● **WHAT TO PRODUCE**
Output only the lines from the line holding "1.2 seconds after image 1." through the close of the records, exactly as they appear, with all pictures omitted.
*** DATA SHOWN ***
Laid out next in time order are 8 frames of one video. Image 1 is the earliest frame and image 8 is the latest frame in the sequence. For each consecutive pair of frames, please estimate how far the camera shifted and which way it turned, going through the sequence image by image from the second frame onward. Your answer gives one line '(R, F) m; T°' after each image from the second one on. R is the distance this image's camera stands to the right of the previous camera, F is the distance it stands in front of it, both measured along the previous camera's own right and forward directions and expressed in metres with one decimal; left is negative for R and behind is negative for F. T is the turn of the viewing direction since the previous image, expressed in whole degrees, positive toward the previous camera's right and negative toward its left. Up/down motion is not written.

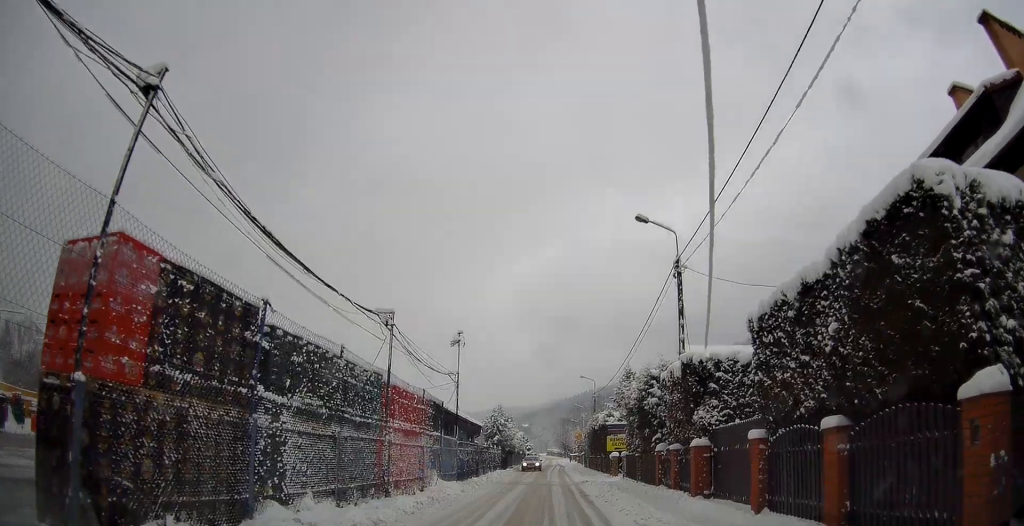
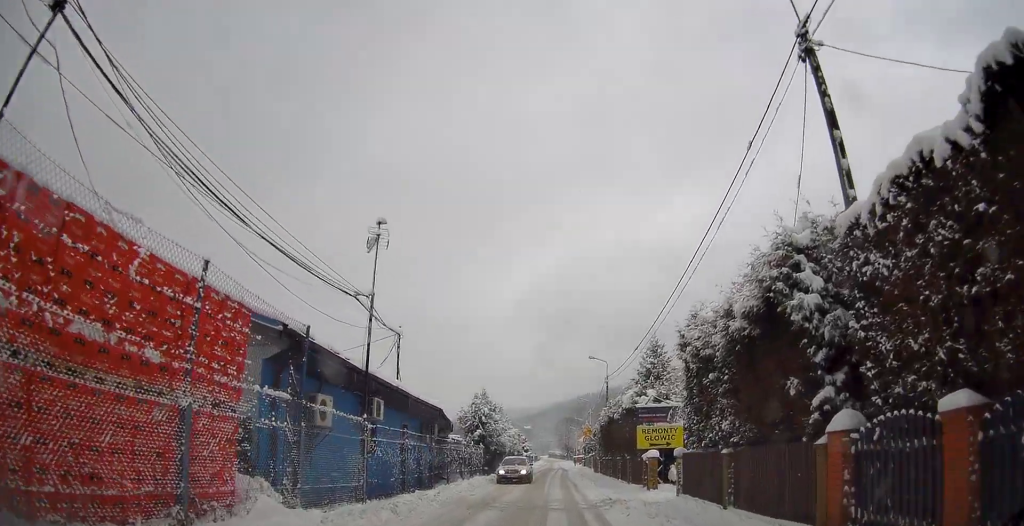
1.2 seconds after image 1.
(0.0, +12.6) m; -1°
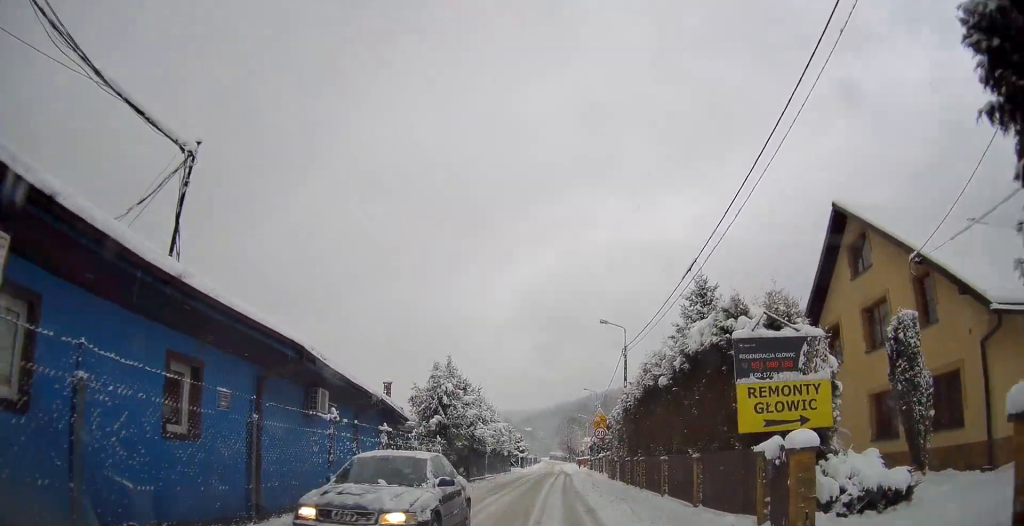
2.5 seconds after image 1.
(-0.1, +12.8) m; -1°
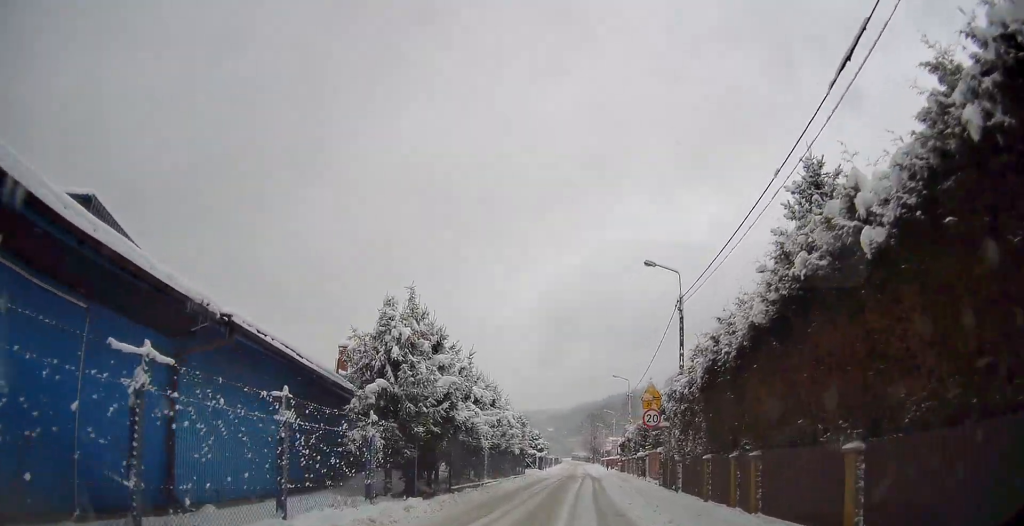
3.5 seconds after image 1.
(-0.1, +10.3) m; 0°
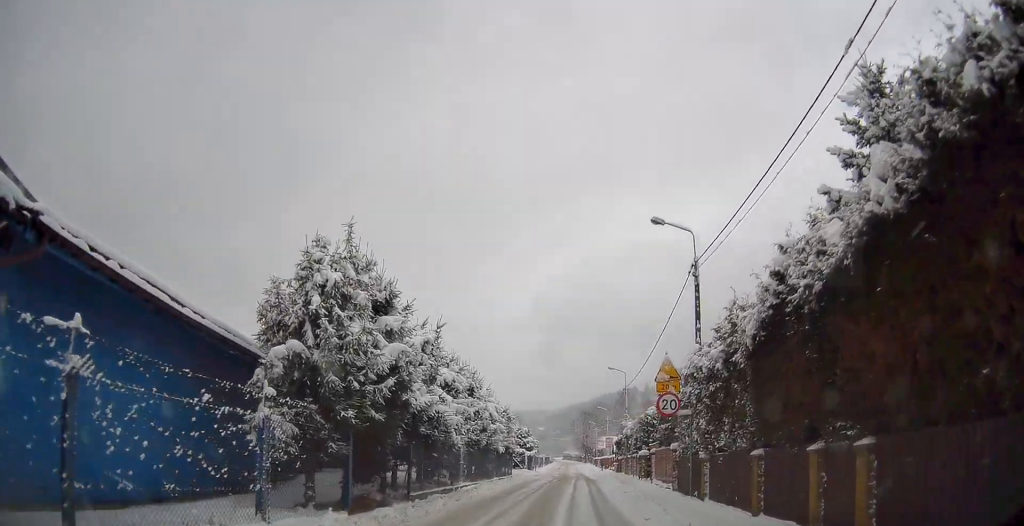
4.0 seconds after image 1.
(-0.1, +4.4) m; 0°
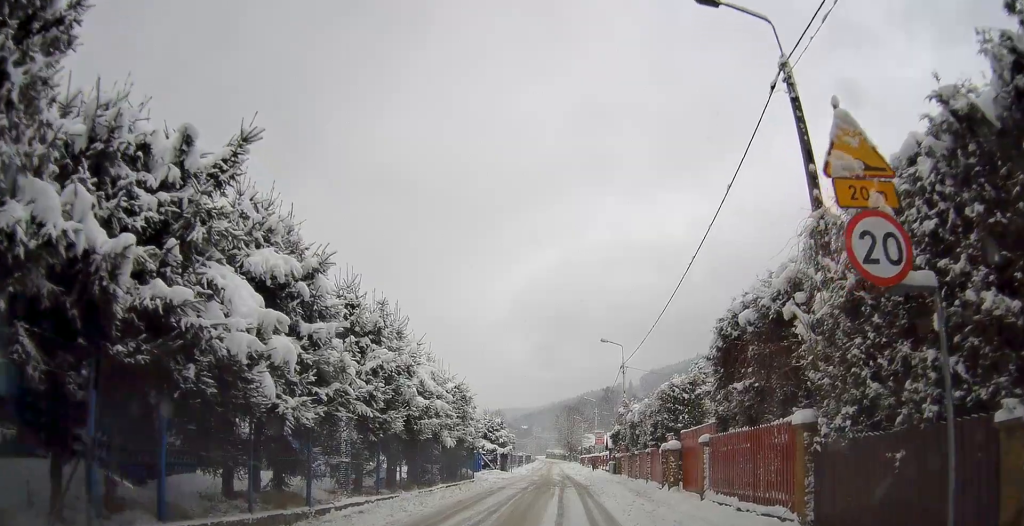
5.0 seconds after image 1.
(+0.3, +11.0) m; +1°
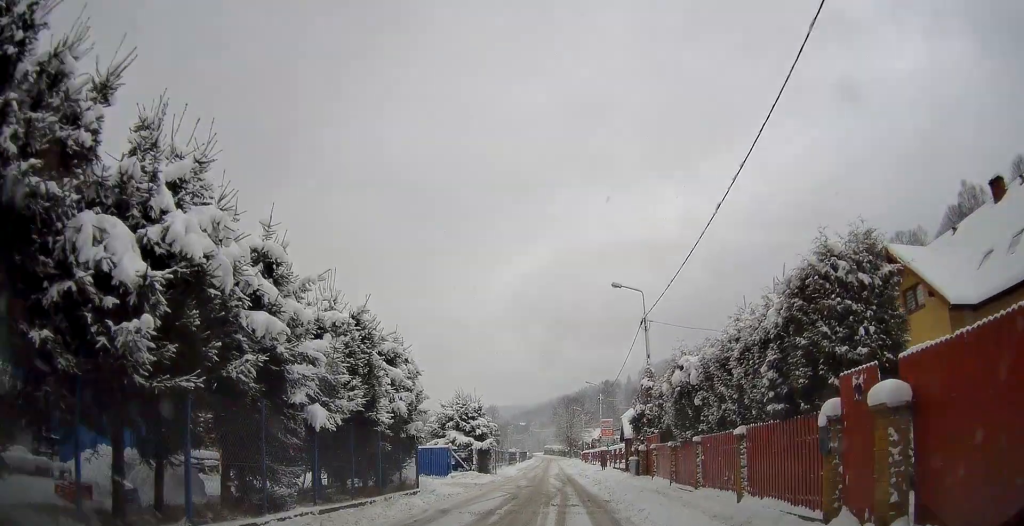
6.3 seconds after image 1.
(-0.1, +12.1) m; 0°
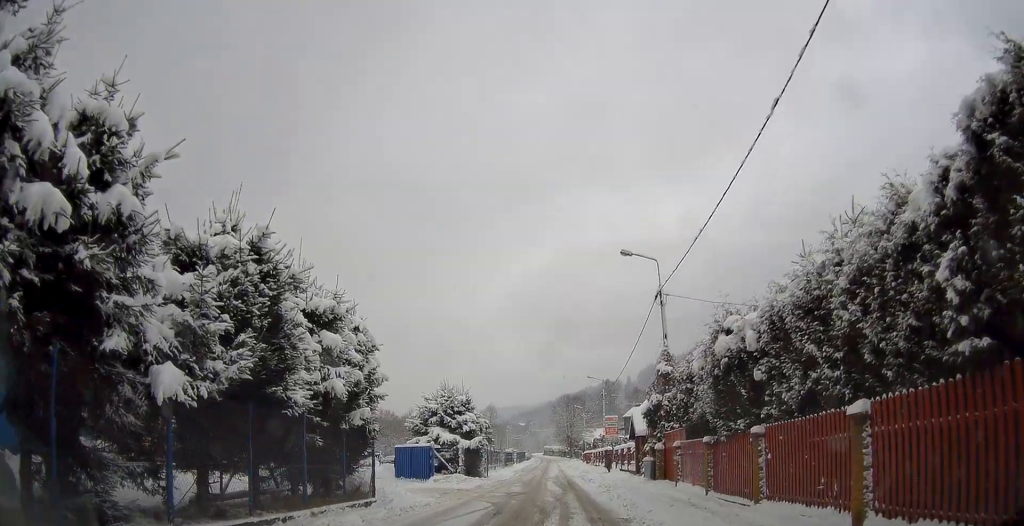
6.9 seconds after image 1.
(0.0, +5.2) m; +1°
*** End of DATA SHOWN ***
● **EXERCISE SOLUTION**
1.2 seconds after image 1.
(0.0, +12.6) m; -1°
2.5 seconds after image 1.
(-0.1, +12.8) m; -1°
3.5 seconds after image 1.
(-0.1, +10.3) m; 0°
4.0 seconds after image 1.
(-0.1, +4.4) m; 0°
5.0 seconds after image 1.
(+0.3, +11.0) m; +1°
6.3 seconds after image 1.
(-0.1, +12.1) m; 0°
6.9 seconds after image 1.
(0.0, +5.2) m; +1°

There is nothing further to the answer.